• MATERIAL FOR THIS TASK
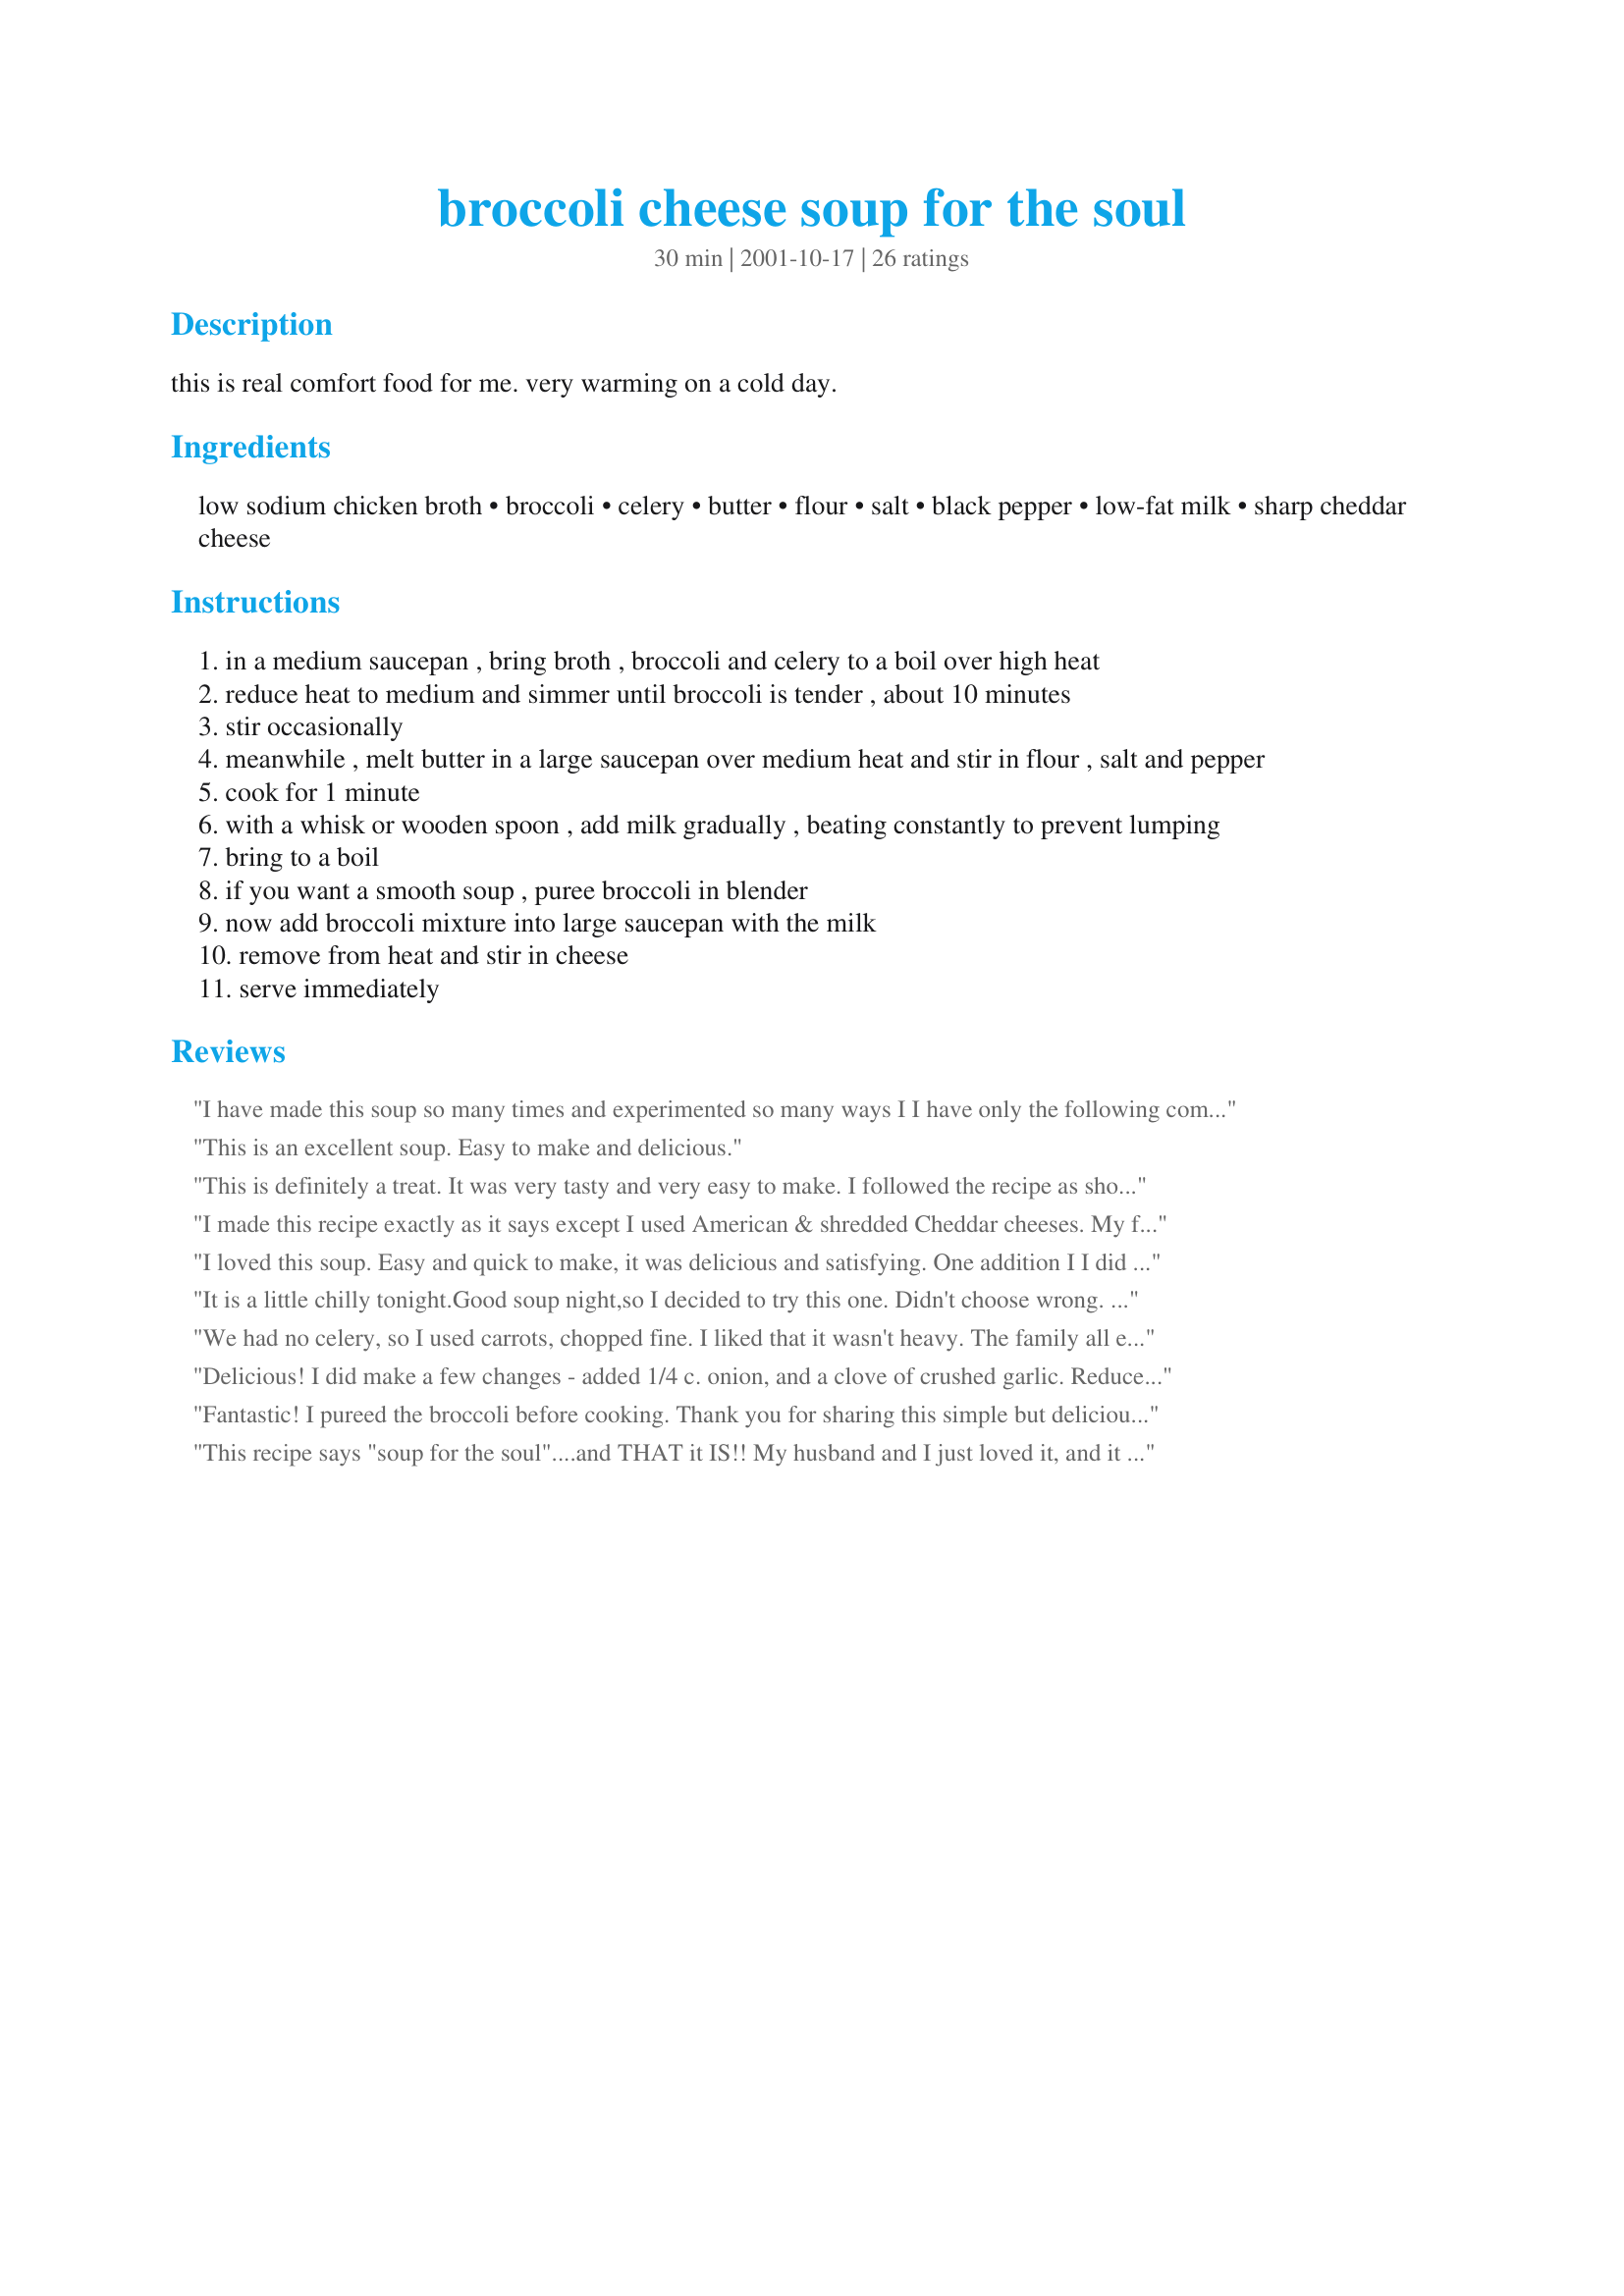
broccoli cheese soup for the soul
Preparation time: 30 minutes

this is real comfort food for me. very warming on a cold day.

Ingredients:
low sodium chicken broth, broccoli, celery, butter, flour, salt, black pepper, low-fat milk, sharp cheddar cheese

Steps:
in a medium saucepan , bring broth , broccoli and celery to a boil over high heat
reduce heat to medium and simmer until broccoli is tender , about 10 minutes
stir occasionally
meanwhile , melt butter in a large saucepan over medium heat and stir in flour , salt and pepper
cook for 1 minute
with a whisk or wooden spoon , add milk gradually , beating constantly to prevent lumping
bring to a boil
if you want a smooth soup , puree broccoli in blender
now add broccoli mixture into large saucepan with the milk
remove from heat and stir in cheese
serve immediately

Reviews:
I have made this soup so many times and experimented so many ways I I have only the following comments:
I love this soup but find freezing it does not do it justice so I make the 1st part of the recipe (broth, veggie, celery (carrots, onion garlic optional) and puree and freeze for up to 4 months). I add carrots only when veggies are not at there peak.
You can substitute a wide variety of veggies (cauliflower, asparagus, mushrooms, carrot, potatos,sweet potatoes, butternut squash) and prepare same way. For mushrooms and asparagus add one extra teaspoon of flour to the rue.
I would recommend whole milk (though you can reduce to 3 cups with one extra cup stock) if you must with only mild taste difference.)
You can substitute or blend in some cheeses (1/4-1/2c pepper jack to make it spicy, swiss or Munster, or 1/8c blue or Gorgonzola mixed with cheddar, parmesan).
You can add a variety of seasonings if you wish
(garlic with potato, squash, mushroom or cauliflower), sage with squash/sweet potato, thyme with broccoli, dill or ginger with carrot).
Lastly you can garnish with a variety of items. I always freeze a small amount of uncooked veggies (tops from asparagus, silvers of carrot and mushroom, florets of broccoli and cauliflower, cubes of potato/squash.) These can be steamed or sauteed and placed on top of soup prior to serving. Because I have pureed the main soup this adds a nice texture. Also crisp leeks or shallots and/or crumbled bacon or sausage make great topping as well.

Thanks Lennie!
This is an excellent soup. Easy to make and delicious.
This is definitely a treat. It was very tasty and very easy to make. I followed the recipe as shown, but added a 1/2 cup of chopped carrots, and used 'light' cheddar cheese. I will be making this again!
I made this recipe exactly as it says except I used American & shredded Cheddar cheeses. My family is very honest and they told me the soup tasted very bland, and also that you could taste the flour. I would like to say though, I feel it could just be something on my part, because this is the very first time I have made this soup!
I loved this soup. Easy and quick to make, it was delicious and satisfying. One addition I I did make was, I sauteed some onions in the butter, then added the flour to make a roux. This is my new favorite soup!

It is a little chilly tonight.Good soup night,so I decided to try this one. Didn't choose wrong. Simple to make and very tasty. The only change I made was to add 1/2 cup more cheese. definitely will make again
We had no celery, so I used carrots, chopped fine. I liked that it wasn't heavy. The family all enjoyed this one!
Delicious! I did make a few changes - added 1/4 c. onion, and a clove of crushed garlic. Reduced milk to 2.25 cups - wanted a more concentrated broccoli flavor, and didn't need so much soup.
Fantastic! I pureed the broccoli before cooking. Thank you for sharing this simple but delicious recipe.
This recipe says "soup for the soul"....and THAT it IS!! My husband and I just loved it, and it has become a very favourite our home. It is so delicious, easy and quick to make, and so, so comforting and soothing. I chop the broccoli fairly fine and then use a potato masher on it once I put the cooked broccoli in the milk mixture, and it give just the right texture for us. We like it a bit on the chunky side, but not too chunky. With a piece of homemade bread, we find this soup hearty enough for supper. Thank you Lennie for sharing it with us!
This is the first time I have made broccoli cheese soup without velveeta and it was amazingly simple. Couple of things - we had to add a LOT of salt and pepper once this made it to the table. I added it while I was cooking, but it clearly was not enough. I did add more cheese too as I like soup nice and cheesy. Finally, this recipe says that it serves 4. I fed a family of 3 and there is still a TON left. I am looking forward to having it for lunch tomorrow. I might even freeze some for a quick dinner one night. Overall it was very good and very simple. Thanks Lennie!
outstanding!! really easy to follow recipe and tasted really creamy. i followed the advice of one of the other reviewers by subbing 1/2 a cup of onion and 1/2 a cup of carrot for the celery. oh and a little paprika, my family raved about this soup so i will definately be making this again and again... thanks for the recipe
I increased the sharp cheddar to 2 cups and it was barely cheesy enough for us. Needed more flavor.
Loved this soup...made it last week when I wanted something really creamy and hot. I got a great deal on broccoli crowns and organic milk so broccoli soup was on the menu! I used Better Than Boullion for the chicken broth... and organic 2% milk. Two huge crowns yielded over 4 cups for me and I used it all. I LOVED the fact that there was no velveeta to be seen... I don't care for it. I thought that 1/2 cup of cheese wouldn't be enough to make it cheesy, but I was wrong. I used extra sharp and it was just perfect. My BF loved it and the texture was just lovely. I didn't even puree it, just left it chunky. Thanks so much for a wonderful soup!!!
I have to say this was one of the best soups I have ever tried. So easy to make and a huge hit with my friends and fam... Thanks!
Whenever anyone asks me to peel broccoli, I usually run.. Indeed, I did not bother with the stems, but this is just what I was looking for. Easy, and tasty. I did increase the cheese by about 50%, and it held up fine. Well worth the effort.
I love it! I used skim milk and no-fat cheddar, but it still yields great taste. I suggest you puree bout 1/3 of the boiled broccoli and add it to the sauce. Plus, parsley and cayenne is a good way to garnish the dish. Thank you!
This soup was really good! It was super easy to make and didn't take very long either. I would say the only change I made was that I added 1 cup plus a little more of the cheddar cheese. Other than that it was a GREAT recipe!
This soup was great! I made a few changes though. I didn't have low sodium chicken broth so I used regular and ommited the salt. Instead of the celery, I used 1/2 cup of onion. I also added 1/2 cup of grated carrots. I used 1% milk, increased the cheese to 1 cup and also added a bit of paprika. It was delicious and the whole family loved it. Thanks for a great recipe!
I really enjoyed this soup (and will probably enjoy it more once the snow hits!). I like my veggies on a bit of the mushier side, so I might simmer the broccoli a bit longer next time, and I'll warm up the milk, because it took a LONG time to boil :)
I served with Recipe #345899 and it was a lovely blend of cheesy/salty.
Many years since I first posted my 5 star rating on this recipe (16 to be exact!) , and we are still using and loving it! Now on weight watchers, I'm even enjoying this soup more, because of the low fat content in it. Thanks once again Lennie!
This is a very nice broccoli cheese soup that isn't complicated to prepare. Lessons learned: Do be careful with how much salt you put in because sharp cheddar has a healthy dose of saltiness on it's own and will amplify the flavor. Also, be sure not to overthicken the milk mixture or your soup will get too thick. We did add extra cheese so the soup was really cheesy and very delicious. Thanks!
Very good. I did add a bit more cheddar than was called for though.
a big hit in my family1 I followed the directions exactly.
I loved this recipe. It was easy to make and it was really good. I had to make some forced substitutions like using velveeta because I was out of cheddar but it still turned out good. I'm not a big fan of celery so I used 1/2 cup of finely chopped onions. Thank you, it was very good.
I am not big on soup and hardly ever make it from scratch. This recipe was very easy. I pureed the broccoli but left it a little chunky and the flavor was very good. I put it in a quart-size mayonnaise jar and carried it to work for a couple of days lunch.
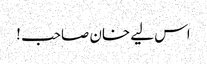
اس لیے خان صاحب !

• EXERCISE INSTRUCTIONS
The reply must hold each line of the records verbatim and no pictures.

• YOUR SOLUTION
broccoli cheese soup for the soul
Preparation time: 30 minutes

this is real comfort food for me. very warming on a cold day.

Ingredients:
low sodium chicken broth, broccoli, celery, butter, flour, salt, black pepper, low-fat milk, sharp cheddar cheese

Steps:
in a medium saucepan , bring broth , broccoli and celery to a boil over high heat
reduce heat to medium and simmer until broccoli is tender , about 10 minutes
stir occasionally
meanwhile , melt butter in a large saucepan over medium heat and stir in flour , salt and pepper
cook for 1 minute
with a whisk or wooden spoon , add milk gradually , beating constantly to prevent lumping
bring to a boil
if you want a smooth soup , puree broccoli in blender
now add broccoli mixture into large saucepan with the milk
remove from heat and stir in cheese
serve immediately

Reviews:
I have made this soup so many times and experimented so many ways I I have only the following comments:
I love this soup but find freezing it does not do it justice so I make the 1st part of the recipe (broth, veggie, celery (carrots, onion garlic optional) and puree and freeze for up to 4 months). I add carrots only when veggies are not at there peak.
You can substitute a wide variety of veggies (cauliflower, asparagus, mushrooms, carrot, potatos,sweet potatoes, butternut squash) and prepare same way. For mushrooms and asparagus add one extra teaspoon of flour to the rue.
I would recommend whole milk (though you can reduce to 3 cups with one extra cup stock) if you must with only mild taste difference.)
You can substitute or blend in some cheeses (1/4-1/2c pepper jack to make it spicy, swiss or Munster, or 1/8c blue or Gorgonzola mixed with cheddar, parmesan).
You can add a variety of seasonings if you wish
(garlic with potato, squash, mushroom or cauliflower), sage with squash/sweet potato, thyme with broccoli, dill or ginger with carrot).
Lastly you can garnish with a variety of items. I always freeze a small amount of uncooked veggies (tops from asparagus, silvers of carrot and mushroom, florets of broccoli and cauliflower, cubes of potato/squash.) These can be steamed or sauteed and placed on top of soup prior to serving. Because I have pureed the main soup this adds a nice texture. Also crisp leeks or shallots and/or crumbled bacon or sausage make great topping as well.

Thanks Lennie!
This is an excellent soup. Easy to make and delicious.
This is definitely a treat. It was very tasty and very easy to make. I followed the recipe as shown, but added a 1/2 cup of chopped carrots, and used 'light' cheddar cheese. I will be making this again!
I made this recipe exactly as it says except I used American & shredded Cheddar cheeses. My family is very honest and they told me the soup tasted very bland, and also that you could taste the flour. I would like to say though, I feel it could just be something on my part, because this is the very first time I have made this soup!
I loved this soup. Easy and quick to make, it was delicious and satisfying. One addition I I did make was, I sauteed some onions in the butter, then added the flour to make a roux. This is my new favorite soup!

It is a little chilly tonight.Good soup night,so I decided to try this one. Didn't choose wrong. Simple to make and very tasty. The only change I made was to add 1/2 cup more cheese. definitely will make again
We had no celery, so I used carrots, chopped fine. I liked that it wasn't heavy. The family all enjoyed this one!
Delicious! I did make a few changes - added 1/4 c. onion, and a clove of crushed garlic. Reduced milk to 2.25 cups - wanted a more concentrated broccoli flavor, and didn't need so much soup.
Fantastic! I pureed the broccoli before cooking. Thank you for sharing this simple but delicious recipe.
This recipe says "soup for the soul"....and THAT it IS!! My husband and I just loved it, and it has become a very favourite our home. It is so delicious, easy and quick to make, and so, so comforting and soothing. I chop the broccoli fairly fine and then use a potato masher on it once I put the cooked broccoli in the milk mixture, and it give just the right texture for us. We like it a bit on the chunky side, but not too chunky. With a piece of homemade bread, we find this soup hearty enough for supper. Thank you Lennie for sharing it with us!
This is the first time I have made broccoli cheese soup without velveeta and it was amazingly simple. Couple of things - we had to add a LOT of salt and pepper once this made it to the table. I added it while I was cooking, but it clearly was not enough. I did add more cheese too as I like soup nice and cheesy. Finally, this recipe says that it serves 4. I fed a family of 3 and there is still a TON left. I am looking forward to having it for lunch tomorrow. I might even freeze some for a quick dinner one night. Overall it was very good and very simple. Thanks Lennie!
outstanding!! really easy to follow recipe and tasted really creamy. i followed the advice of one of the other reviewers by subbing 1/2 a cup of onion and 1/2 a cup of carrot for the celery. oh and a little paprika, my family raved about this soup so i will definately be making this again and again... thanks for the recipe
I increased the sharp cheddar to 2 cups and it was barely cheesy enough for us. Needed more flavor.
Loved this soup...made it last week when I wanted something really creamy and hot. I got a great deal on broccoli crowns and organic milk so broccoli soup was on the menu! I used Better Than Boullion for the chicken broth... and organic 2% milk. Two huge crowns yielded over 4 cups for me and I used it all. I LOVED the fact that there was no velveeta to be seen... I don't care for it. I thought that 1/2 cup of cheese wouldn't be enough to make it cheesy, but I was wrong. I used extra sharp and it was just perfect. My BF loved it and the texture was just lovely. I didn't even puree it, just left it chunky. Thanks so much for a wonderful soup!!!
I have to say this was one of the best soups I have ever tried. So easy to make and a huge hit with my friends and fam... Thanks!
Whenever anyone asks me to peel broccoli, I usually run.. Indeed, I did not bother with the stems, but this is just what I was looking for. Easy, and tasty. I did increase the cheese by about 50%, and it held up fine. Well worth the effort.
I love it! I used skim milk and no-fat cheddar, but it still yields great taste. I suggest you puree bout 1/3 of the boiled broccoli and add it to the sauce. Plus, parsley and cayenne is a good way to garnish the dish. Thank you!
This soup was really good! It was super easy to make and didn't take very long either. I would say the only change I made was that I added 1 cup plus a little more of the cheddar cheese. Other than that it was a GREAT recipe!
This soup was great! I made a few changes though. I didn't have low sodium chicken broth so I used regular and ommited the salt. Instead of the celery, I used 1/2 cup of onion. I also added 1/2 cup of grated carrots. I used 1% milk, increased the cheese to 1 cup and also added a bit of paprika. It was delicious and the whole family loved it. Thanks for a great recipe!
I really enjoyed this soup (and will probably enjoy it more once the snow hits!). I like my veggies on a bit of the mushier side, so I might simmer the broccoli a bit longer next time, and I'll warm up the milk, because it took a LONG time to boil :)
I served with Recipe #345899 and it was a lovely blend of cheesy/salty.
Many years since I first posted my 5 star rating on this recipe (16 to be exact!) , and we are still using and loving it! Now on weight watchers, I'm even enjoying this soup more, because of the low fat content in it. Thanks once again Lennie!
This is a very nice broccoli cheese soup that isn't complicated to prepare. Lessons learned: Do be careful with how much salt you put in because sharp cheddar has a healthy dose of saltiness on it's own and will amplify the flavor. Also, be sure not to overthicken the milk mixture or your soup will get too thick. We did add extra cheese so the soup was really cheesy and very delicious. Thanks!
Very good. I did add a bit more cheddar than was called for though.
a big hit in my family1 I followed the directions exactly.
I loved this recipe. It was easy to make and it was really good. I had to make some forced substitutions like using velveeta because I was out of cheddar but it still turned out good. I'm not a big fan of celery so I used 1/2 cup of finely chopped onions. Thank you, it was very good.
I am not big on soup and hardly ever make it from scratch. This recipe was very easy. I pureed the broccoli but left it a little chunky and the flavor was very good. I put it in a quart-size mayonnaise jar and carried it to work for a couple of days lunch.
اس لیے خان صاحب !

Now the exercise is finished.